The good news is, traveling with babies can actually be a gentle introduction to the world of traveling with your kids. Yes, she might wail during takeoff. You might have to change a diaper in your seat when the flight attendant refuses to let you in the bathroom. (The “fasten your seatbelt” light is always on when a diaper emergency arises.) You may find yourself nursing your child while waiting in the security line.

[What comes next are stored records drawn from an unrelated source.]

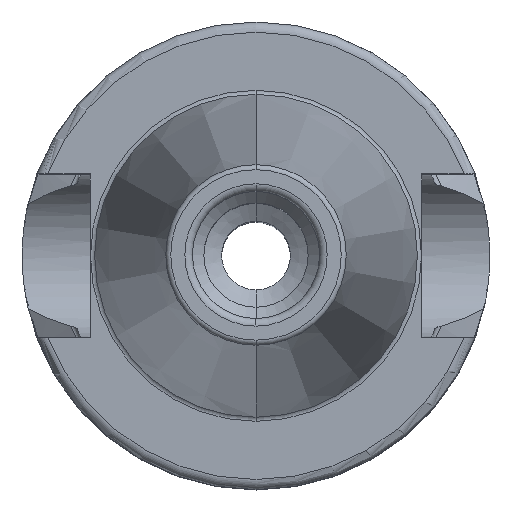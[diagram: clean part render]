
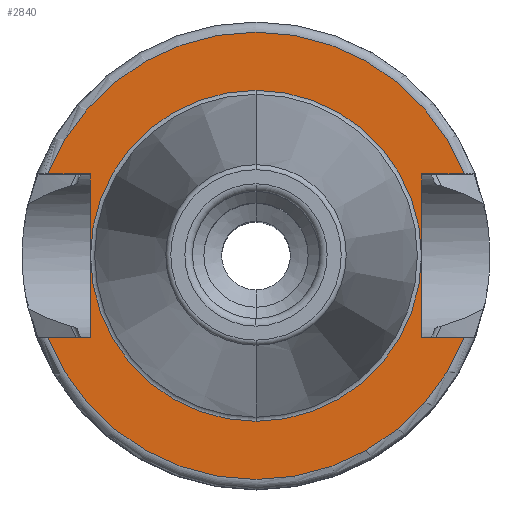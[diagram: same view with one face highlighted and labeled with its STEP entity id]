
A CAD part, top view. The second image highlights one B-rep face of the part: STEP entity #2840.
In plain terms, the highlighted planar face has unit normal (0, 0, 1).
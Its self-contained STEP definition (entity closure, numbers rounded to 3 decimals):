
#314=DIRECTION('',(1,0,0));
#315=VECTOR('',#314,4.174);
#316=CARTESIAN_POINT('',(-20.474,-8.05,20));
#317=LINE('',#316,#315);
#318=DIRECTION('',(0,1,0));
#319=VECTOR('',#318,16.1);
#320=CARTESIAN_POINT('',(-16.3,-8.05,20));
#321=LINE('',#320,#319);
#322=DIRECTION('',(1,0,0));
#323=VECTOR('',#322,4.174);
#324=CARTESIAN_POINT('',(-20.474,8.05,20));
#325=LINE('',#324,#323);
#326=DIRECTION('',(-1,0,0));
#327=VECTOR('',#326,4.174);
#328=CARTESIAN_POINT('',(20.474,8.05,20));
#329=LINE('',#328,#327);
#330=DIRECTION('',(0,-1,0));
#331=VECTOR('',#330,16.1);
#332=CARTESIAN_POINT('',(16.3,8.05,20));
#333=LINE('',#332,#331);
#334=DIRECTION('',(-1,0,0));
#335=VECTOR('',#334,4.174);
#336=CARTESIAN_POINT('',(20.474,-8.05,20));
#337=LINE('',#336,#335);
#348=CARTESIAN_POINT('',(0,0,20));
#349=DIRECTION('',(0,0,1));
#350=DIRECTION('',(0,1,0));
#351=AXIS2_PLACEMENT_3D('',#348,#349,#350);
#353=CARTESIAN_POINT('',(0,0,20));
#354=DIRECTION('',(0,0,-1));
#355=DIRECTION('',(0,1,0));
#356=AXIS2_PLACEMENT_3D('',#353,#354,#355);
#2019=CARTESIAN_POINT('',(0,0,20));
#2020=DIRECTION('',(0,0,1));
#2021=DIRECTION('',(-0.931,-0.366,0));
#2022=AXIS2_PLACEMENT_3D('',#2019,#2020,#2021);
#2036=CARTESIAN_POINT('',(0,0,20));
#2037=DIRECTION('',(0,0,1));
#2038=DIRECTION('',(0.931,0.366,0));
#2039=AXIS2_PLACEMENT_3D('',#2036,#2037,#2038);
#2158=CARTESIAN_POINT('',(-20.474,-8.05,20));
#2159=CARTESIAN_POINT('',(-16.3,-8.05,20));
#2160=VERTEX_POINT('',#2158);
#2161=VERTEX_POINT('',#2159);
#2162=CARTESIAN_POINT('',(-16.3,8.05,20));
#2163=VERTEX_POINT('',#2162);
#2164=CARTESIAN_POINT('',(-20.474,8.05,20));
#2165=VERTEX_POINT('',#2164);
#2166=CARTESIAN_POINT('',(16.3,8.05,20));
#2167=CARTESIAN_POINT('',(16.3,-8.05,20));
#2168=VERTEX_POINT('',#2166);
#2169=VERTEX_POINT('',#2167);
#2170=CARTESIAN_POINT('',(20.474,-8.05,20));
#2171=VERTEX_POINT('',#2170);
#2172=CARTESIAN_POINT('',(20.474,8.05,20));
#2173=VERTEX_POINT('',#2172);
#2216=CARTESIAN_POINT('',(0,16.275,20));
#2218=VERTEX_POINT('',#2216);
#2222=CARTESIAN_POINT('',(0,-16.275,20));
#2224=VERTEX_POINT('',#2222);
#2817=CARTESIAN_POINT('',(0,0,20));
#2818=DIRECTION('',(0,0,-1));
#2819=DIRECTION('',(0,-1,0));
#2820=AXIS2_PLACEMENT_3D('',#2817,#2818,#2819);
#2821=PLANE('',#2820);
#2822=ORIENTED_EDGE('',*,*,#2808,.T.);
#2823=ORIENTED_EDGE('',*,*,#2634,.T.);
#2824=ORIENTED_EDGE('',*,*,#2653,.F.);
#2826=ORIENTED_EDGE('',*,*,#2825,.F.);
#2827=ORIENTED_EDGE('',*,*,#2733,.T.);
#2828=ORIENTED_EDGE('',*,*,#2751,.T.);
#2829=ORIENTED_EDGE('',*,*,#2768,.F.);
#2831=ORIENTED_EDGE('',*,*,#2830,.F.);
#2832=EDGE_LOOP('',(#2822,#2823,#2824,#2826,#2827,#2828,#2829,#2831));
#2833=FACE_OUTER_BOUND('',#2832,.F.);
#2835=ORIENTED_EDGE('',*,*,#2834,.T.);
#2837=ORIENTED_EDGE('',*,*,#2836,.F.);
#2838=EDGE_LOOP('',(#2835,#2837));
#2839=FACE_BOUND('',#2838,.F.);
#2840=ADVANCED_FACE('',(#2833,#2839),#2821,.F.);
#352=CIRCLE('',#351,16.275);
#357=CIRCLE('',#356,16.275);
#2023=CIRCLE('',#2022,22);
#2040=CIRCLE('',#2039,22);
#2634=EDGE_CURVE('',#2161,#2163,#321,.T.);
#2653=EDGE_CURVE('',#2165,#2163,#325,.T.);
#2733=EDGE_CURVE('',#2173,#2168,#329,.T.);
#2751=EDGE_CURVE('',#2168,#2169,#333,.T.);
#2768=EDGE_CURVE('',#2171,#2169,#337,.T.);
#2808=EDGE_CURVE('',#2160,#2161,#317,.T.);
#2825=EDGE_CURVE('',#2173,#2165,#2040,.T.);
#2830=EDGE_CURVE('',#2160,#2171,#2023,.T.);
#2834=EDGE_CURVE('',#2218,#2224,#352,.T.);
#2836=EDGE_CURVE('',#2218,#2224,#357,.T.);

However, babies are also magnificently portable — simply pop little Owen into your Ergo and waltz onto the plane in style. They’re highly unlikely to wrestle themselves out of your arms and go scampering off in the general direction of the moving walkway. They can’t use their words to refer to a fellow passenger as a “stupid old lady.”
The travel habit
Traveling with a baby, especially for first-time parents, can be a bit overwhelming as you come to realize what “shifting your priorities” really means. But I truly believe it’s good to travel with your children — whether it’s a road trip to Red Wing or a flight to the Caribbean — if only to instill the travel habit in your family.
In an earlier column, I wrote about my suggestions for traveling with your baby (Bring earplugs! Don’t forget the sound machine!), and I still stand by those suggestions.
But that approach is primarily focused on the baby, and how to integrate the baby into your trip. Now I’d like to offer some ideas about how you, the parent, can approach family travel to increase the odds you’ll have an enjoyable experience, too.
I’m not a wealthy person. In my days pre-baby, this meant I would always book the cheapest flight I could find. Eight-hour layover in Newark on the way to New Orleans? Sold!
Once you add a baby to the mix, you might want to rethink the “cheapest flight” strategy. Do you really want to wake up your child at 3:30 a.m. to make that early-morning flight? Is a lengthy layover really worth the $100 you save?
As a parent, I’ve experienced both ends of the spectrum (cheap-but-inconvenient vs. suck-it-up-and-pay-for-a-direct-flight), and I would highly encourage you to consider sucking it up, if your finances allow.
Calmly sauntering onto an early afternoon flight (which your baby will hopefully sleep through) is just so much better for your well-being than staggering into the airport at 4:30 a.m., irritated baby in tow.
A room of your own
You know what I used to hate? Those soulless, suburban hotels I had to stay in when I went on business trips.
But like so many parents before me, I’ve compromised my principles and chosen to embrace the hotel suites on the edge of town due to their family-friendliness.
You know those quaint, historic hotels you used to patronize when you were childfree? They don’t have a separate room with a TV, a couch and a minibar where you can hang out with the lights on while your baby sleeps in the other room.
So when you plan your next trip, definitely prepare in a way that gives your baby the chance to succeed (bring along her “sleep associations,” like special blankets, for example), but don’t forget to make plans that support your own comfort, too.
Because we all want to come back from a trip thinking, “That’s a totally fun thing I’d like to do again.” Right?